Dummy variables 𝑣 𝑢 𝑓 are mutually distinct and distinct from all other variables.

Step	Hyp	Ref	Expression
1		fveq2 6672	. . . . 5 ⊢ (𝑣 = ∅ → (𝐹‘𝑣) = (𝐹‘∅))
2	1	neeq1d 3077	. . . 4 ⊢ (𝑣 = ∅ → ((𝐹‘𝑣) ≠ 𝑥 ↔ (𝐹‘∅) ≠ 𝑥))
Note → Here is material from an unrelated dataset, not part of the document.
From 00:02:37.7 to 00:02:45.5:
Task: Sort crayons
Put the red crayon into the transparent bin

3	2	imbi2d 343	. . 3 ⊢ (𝑣 = ∅ → (((𝑥 ≠ ∅ ∧ 𝑥 ⊆ ∪ 𝑥) → (𝐹‘𝑣) ≠ 𝑥) ↔ ((𝑥 ≠ ∅ ∧ 𝑥 ⊆ ∪ 𝑥) → (𝐹‘∅) ≠ 𝑥)))
4		fveq2 6672	. . . . 5 ⊢ (𝑣 = 𝑢 → (𝐹‘𝑣) = (𝐹‘𝑢))
5	4	neeq1d 3077	. . . 4 ⊢ (𝑣 = 𝑢 → ((𝐹‘𝑣) ≠ 𝑥 ↔ (𝐹‘𝑢) ≠ 𝑥))
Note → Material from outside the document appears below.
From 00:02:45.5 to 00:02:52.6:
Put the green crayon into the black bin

6	5	imbi2d 343	. . 3 ⊢ (𝑣 = 𝑢 → (((𝑥 ≠ ∅ ∧ 𝑥 ⊆ ∪ 𝑥) → (𝐹‘𝑣) ≠ 𝑥) ↔ ((𝑥 ≠ ∅ ∧ 𝑥 ⊆ ∪ 𝑥) → (𝐹‘𝑢) ≠ 𝑥)))
7		fveq2 6672	. . . . 5 ⊢ (𝑣 = suc 𝑢 → (𝐹‘𝑣) = (𝐹‘suc 𝑢))
8	7	neeq1d 3077	. . . 4 ⊢ (𝑣 = suc 𝑢 → ((𝐹‘𝑣) ≠ 𝑥 ↔ (𝐹‘suc 𝑢) ≠ 𝑥))
9	8	imbi2d 343	. . 3 ⊢ (𝑣 = suc 𝑢 → (((𝑥 ≠ ∅ ∧ 𝑥 ⊆ ∪ 𝑥) → (𝐹‘𝑣) ≠ 𝑥) ↔ ((𝑥 ≠ ∅ ∧ 𝑥 ⊆ ∪ 𝑥) → (𝐹‘suc 𝑢) ≠ 𝑥)))
10		fveq2 6672	. . . . 5 ⊢ (𝑣 = 𝐴 → (𝐹‘𝑣) = (𝐹‘𝐴))
11	10	neeq1d 3077	. . . 4 ⊢ (𝑣 = 𝐴 → ((𝐹‘𝑣) ≠ 𝑥 ↔ (𝐹‘𝐴) ≠ 𝑥))
12	11	imbi2d 343	. . 3 ⊢ (𝑣 = 𝐴 → (((𝑥 ≠ ∅ ∧ 𝑥 ⊆ ∪ 𝑥) → (𝐹‘𝑣) ≠ 𝑥) ↔ ((𝑥 ≠ ∅ ∧ 𝑥 ⊆ ∪ 𝑥) → (𝐹‘𝐴) ≠ 𝑥)))
13		inf3lem.1	. . . . . . . 8 ⊢ 𝐺 = (𝑦 ∈ V ↦ {𝑤 ∈ 𝑥 ∣ (𝑤 ∩ 𝑥) ⊆ 𝑦})
14		inf3lem.2	. . . . . . . 8 ⊢ 𝐹 = (rec(𝐺, ∅) ↾ ω)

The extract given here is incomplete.